*Prompt*:
Copy word for word, please, the lines of the entries below running from the one containing "The image shows 42" to the one containing "The face used", both ends included.

+===+

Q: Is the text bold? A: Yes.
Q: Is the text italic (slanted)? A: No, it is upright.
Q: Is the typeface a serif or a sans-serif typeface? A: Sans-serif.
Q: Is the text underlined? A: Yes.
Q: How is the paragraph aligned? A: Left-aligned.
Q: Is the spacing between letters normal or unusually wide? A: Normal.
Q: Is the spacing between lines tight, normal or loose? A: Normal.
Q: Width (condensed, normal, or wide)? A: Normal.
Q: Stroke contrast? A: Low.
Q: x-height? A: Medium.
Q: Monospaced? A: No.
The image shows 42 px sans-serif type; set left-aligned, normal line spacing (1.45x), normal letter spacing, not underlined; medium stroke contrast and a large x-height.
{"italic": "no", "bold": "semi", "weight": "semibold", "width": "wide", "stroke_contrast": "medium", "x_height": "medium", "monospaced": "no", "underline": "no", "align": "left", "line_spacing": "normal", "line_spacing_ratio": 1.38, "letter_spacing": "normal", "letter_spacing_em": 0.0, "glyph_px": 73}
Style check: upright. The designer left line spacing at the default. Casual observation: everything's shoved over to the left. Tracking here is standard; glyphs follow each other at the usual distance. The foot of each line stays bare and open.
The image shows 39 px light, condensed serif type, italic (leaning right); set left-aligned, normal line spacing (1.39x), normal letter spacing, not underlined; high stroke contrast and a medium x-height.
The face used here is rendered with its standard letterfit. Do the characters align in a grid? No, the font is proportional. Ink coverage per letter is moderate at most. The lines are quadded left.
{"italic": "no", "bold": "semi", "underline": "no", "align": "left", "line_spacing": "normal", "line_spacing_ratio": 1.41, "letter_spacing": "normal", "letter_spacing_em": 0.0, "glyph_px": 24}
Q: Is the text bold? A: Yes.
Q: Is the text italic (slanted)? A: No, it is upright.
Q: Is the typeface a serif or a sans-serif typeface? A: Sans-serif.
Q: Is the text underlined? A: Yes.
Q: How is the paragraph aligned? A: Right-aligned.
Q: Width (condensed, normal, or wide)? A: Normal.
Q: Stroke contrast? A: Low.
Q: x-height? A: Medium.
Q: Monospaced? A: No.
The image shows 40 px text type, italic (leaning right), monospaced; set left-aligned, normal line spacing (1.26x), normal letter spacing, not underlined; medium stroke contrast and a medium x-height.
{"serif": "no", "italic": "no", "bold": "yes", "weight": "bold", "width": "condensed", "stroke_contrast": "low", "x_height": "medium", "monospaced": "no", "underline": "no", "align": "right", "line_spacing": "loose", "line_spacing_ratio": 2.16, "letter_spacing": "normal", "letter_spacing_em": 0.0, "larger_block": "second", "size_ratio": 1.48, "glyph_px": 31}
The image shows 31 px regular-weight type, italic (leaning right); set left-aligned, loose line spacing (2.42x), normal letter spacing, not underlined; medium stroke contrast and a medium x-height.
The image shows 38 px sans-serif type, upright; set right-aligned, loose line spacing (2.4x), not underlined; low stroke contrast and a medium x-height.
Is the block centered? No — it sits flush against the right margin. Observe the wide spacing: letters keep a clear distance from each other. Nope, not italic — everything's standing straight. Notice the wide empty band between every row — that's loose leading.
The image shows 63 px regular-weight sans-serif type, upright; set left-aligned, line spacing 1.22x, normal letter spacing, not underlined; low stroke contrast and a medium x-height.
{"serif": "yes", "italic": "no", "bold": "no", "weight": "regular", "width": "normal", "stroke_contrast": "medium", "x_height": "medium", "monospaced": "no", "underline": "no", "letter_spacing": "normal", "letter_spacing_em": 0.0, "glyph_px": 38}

+===+

*Response*:
The image shows 42 px sans-serif type; set left-aligned, normal line spacing (1.45x), normal letter spacing, not underlined; medium stroke contrast and a large x-height.
{"italic": "no", "bold": "semi", "weight": "semibold", "width": "wide", "stroke_contrast": "medium", "x_height": "medium", "monospaced": "no", "underline": "no", "align": "left", "line_spacing": "normal", "line_spacing_ratio": 1.38, "letter_spacing": "normal", "letter_spacing_em": 0.0, "glyph_px": 73}
Style check: upright. The designer left line spacing at the default. Casual observation: everything's shoved over to the left. Tracking here is standard; glyphs follow each other at the usual distance. The foot of each line stays bare and open.
The image shows 39 px light, condensed serif type, italic (leaning right); set left-aligned, normal line spacing (1.39x), normal letter spacing, not underlined; high stroke contrast and a medium x-height.
The face used here is rendered with its standard letterfit. Do the characters align in a grid? No, the font is proportional. Ink coverage per letter is moderate at most. The lines are quadded left.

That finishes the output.